▸ **Assignment**
Report back every line below that carries the word "Aron".

▸ **Extracted data entries**
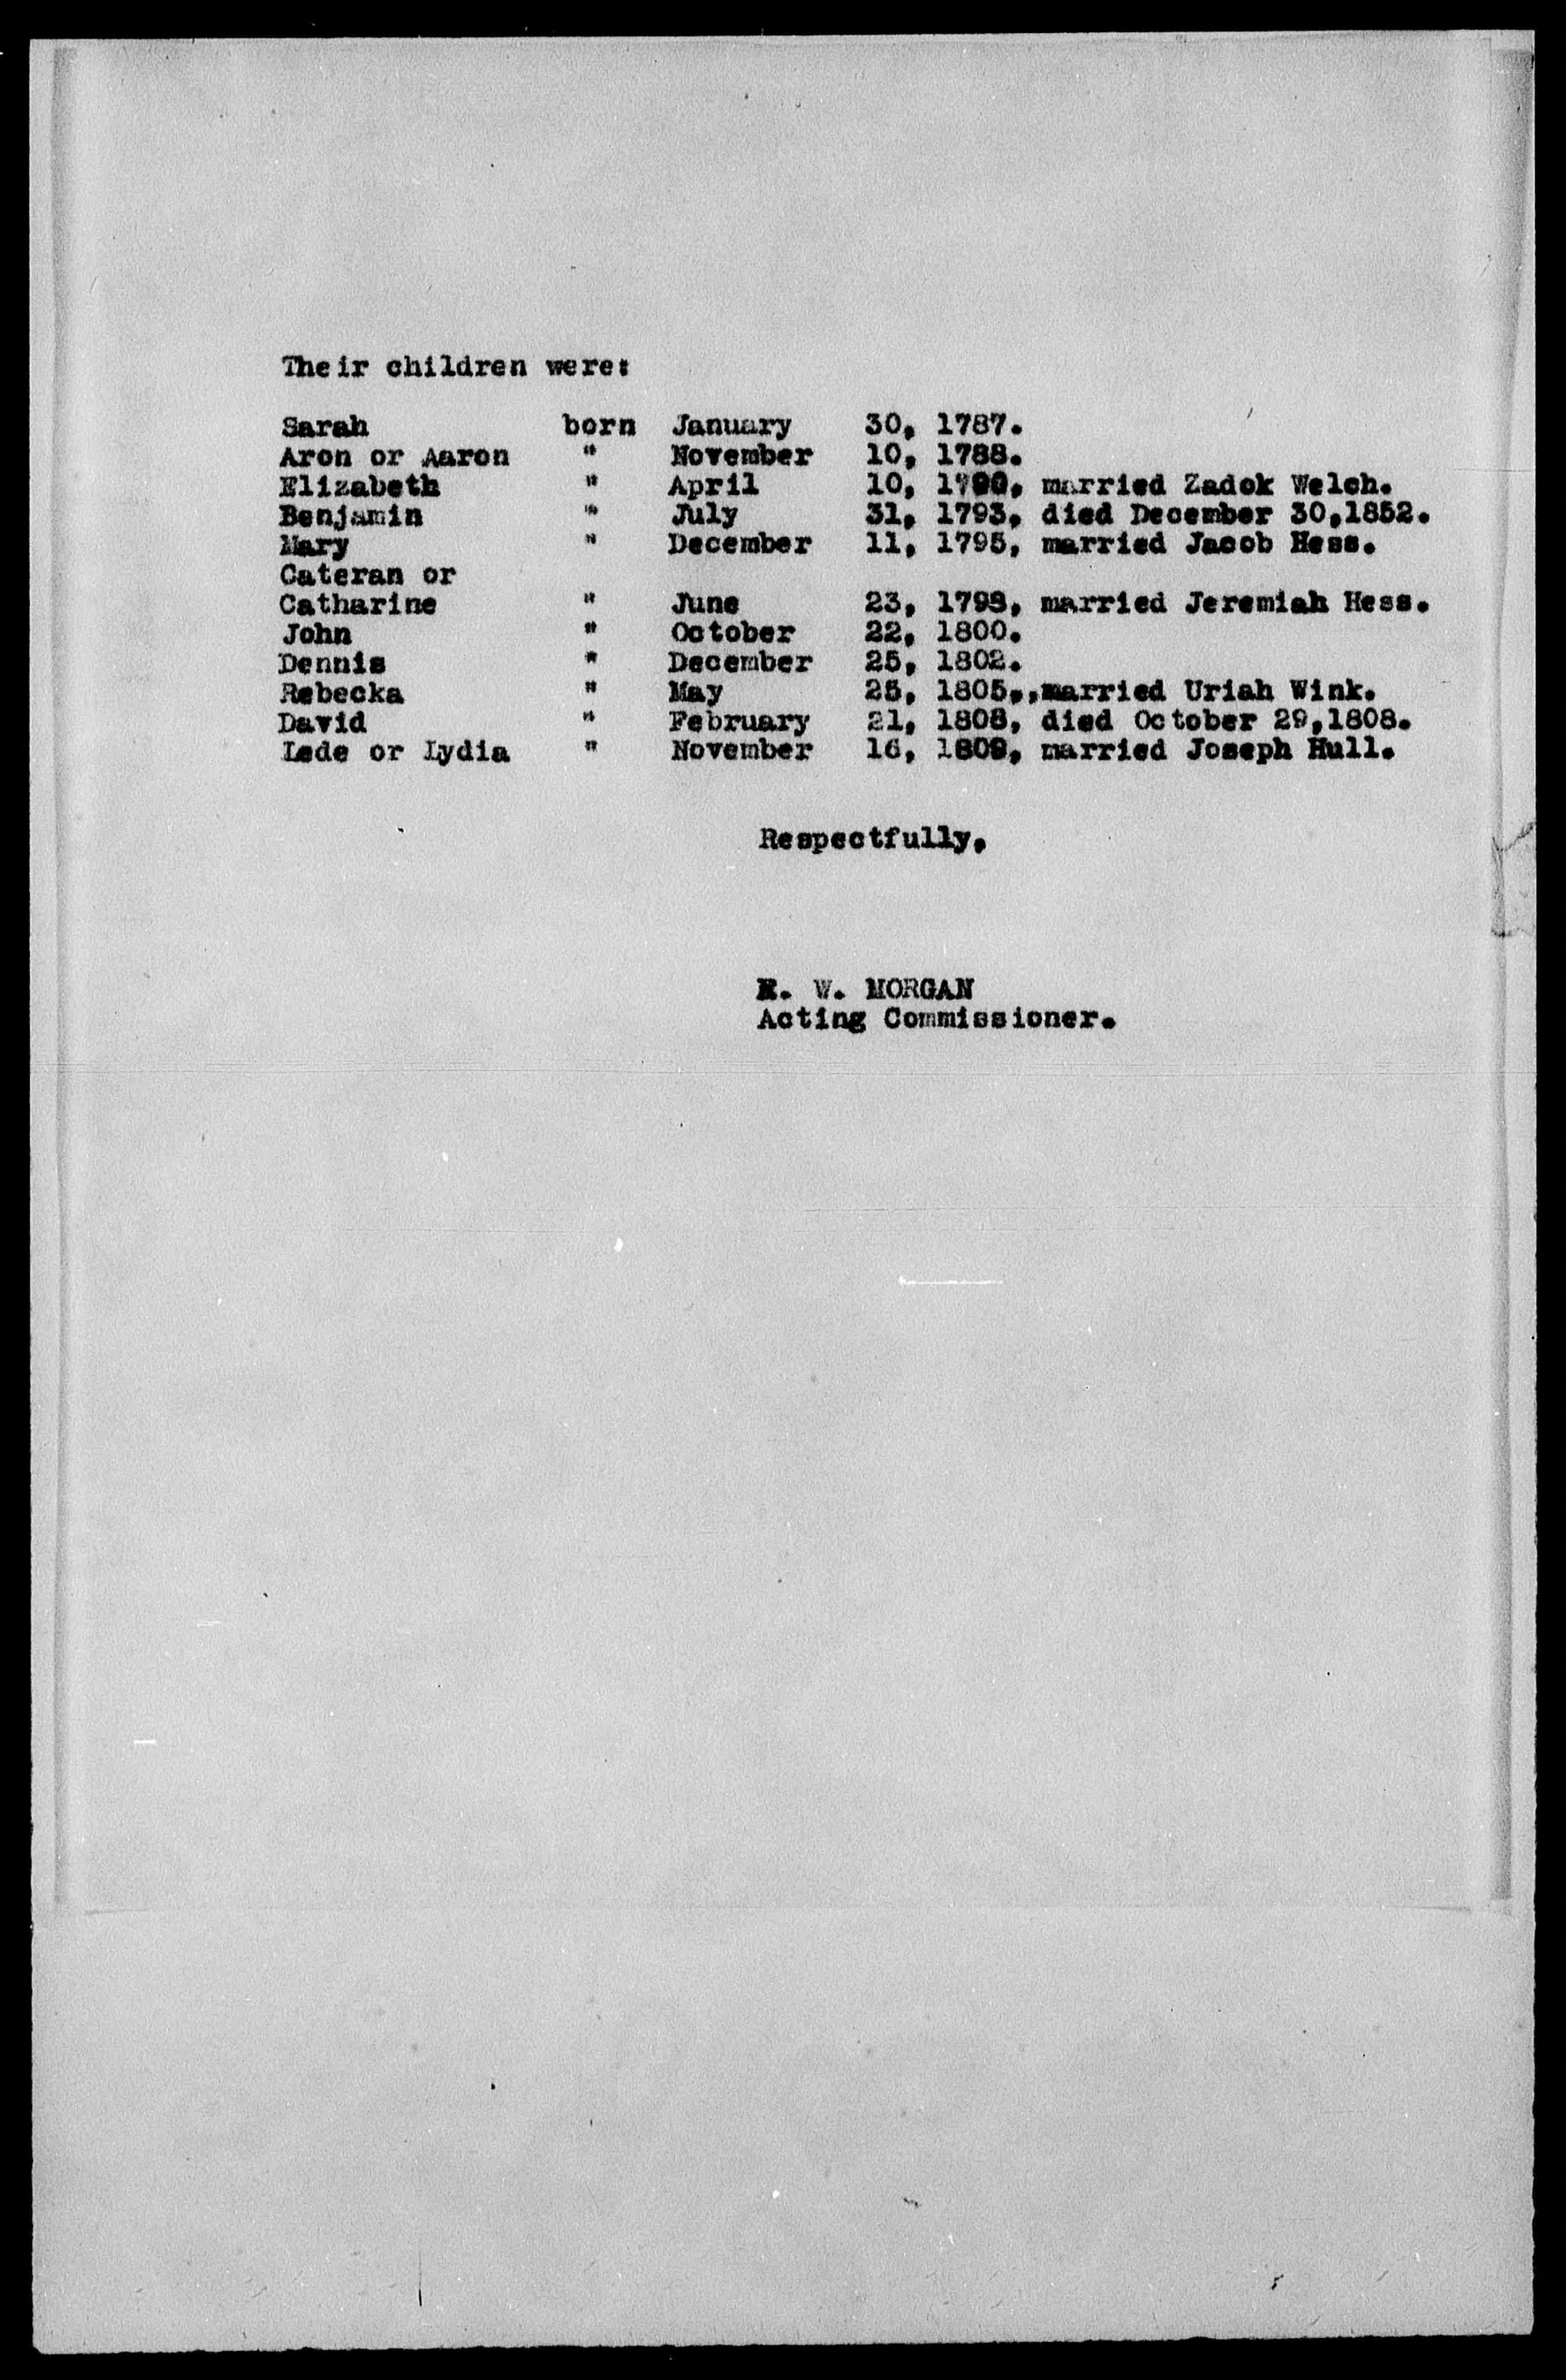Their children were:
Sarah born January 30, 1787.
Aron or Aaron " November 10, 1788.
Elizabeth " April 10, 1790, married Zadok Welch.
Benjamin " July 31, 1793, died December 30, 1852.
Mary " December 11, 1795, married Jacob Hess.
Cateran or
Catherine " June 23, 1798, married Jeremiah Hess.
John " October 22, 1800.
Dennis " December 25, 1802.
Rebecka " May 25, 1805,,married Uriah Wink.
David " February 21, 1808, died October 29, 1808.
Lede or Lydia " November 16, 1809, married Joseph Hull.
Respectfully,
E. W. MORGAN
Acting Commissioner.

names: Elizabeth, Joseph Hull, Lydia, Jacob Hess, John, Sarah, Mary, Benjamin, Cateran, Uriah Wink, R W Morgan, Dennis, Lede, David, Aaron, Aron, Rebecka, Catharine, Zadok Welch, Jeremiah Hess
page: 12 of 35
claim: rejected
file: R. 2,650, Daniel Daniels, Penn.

▸ **Output for this task**
Aron or Aaron " November 10, 1788.
names: Elizabeth, Joseph Hull, Lydia, Jacob Hess, John, Sarah, Mary, Benjamin, Cateran, Uriah Wink, R W Morgan, Dennis, Lede, David, Aaron, Aron, Rebecka, Catharine, Zadok Welch, Jeremiah Hess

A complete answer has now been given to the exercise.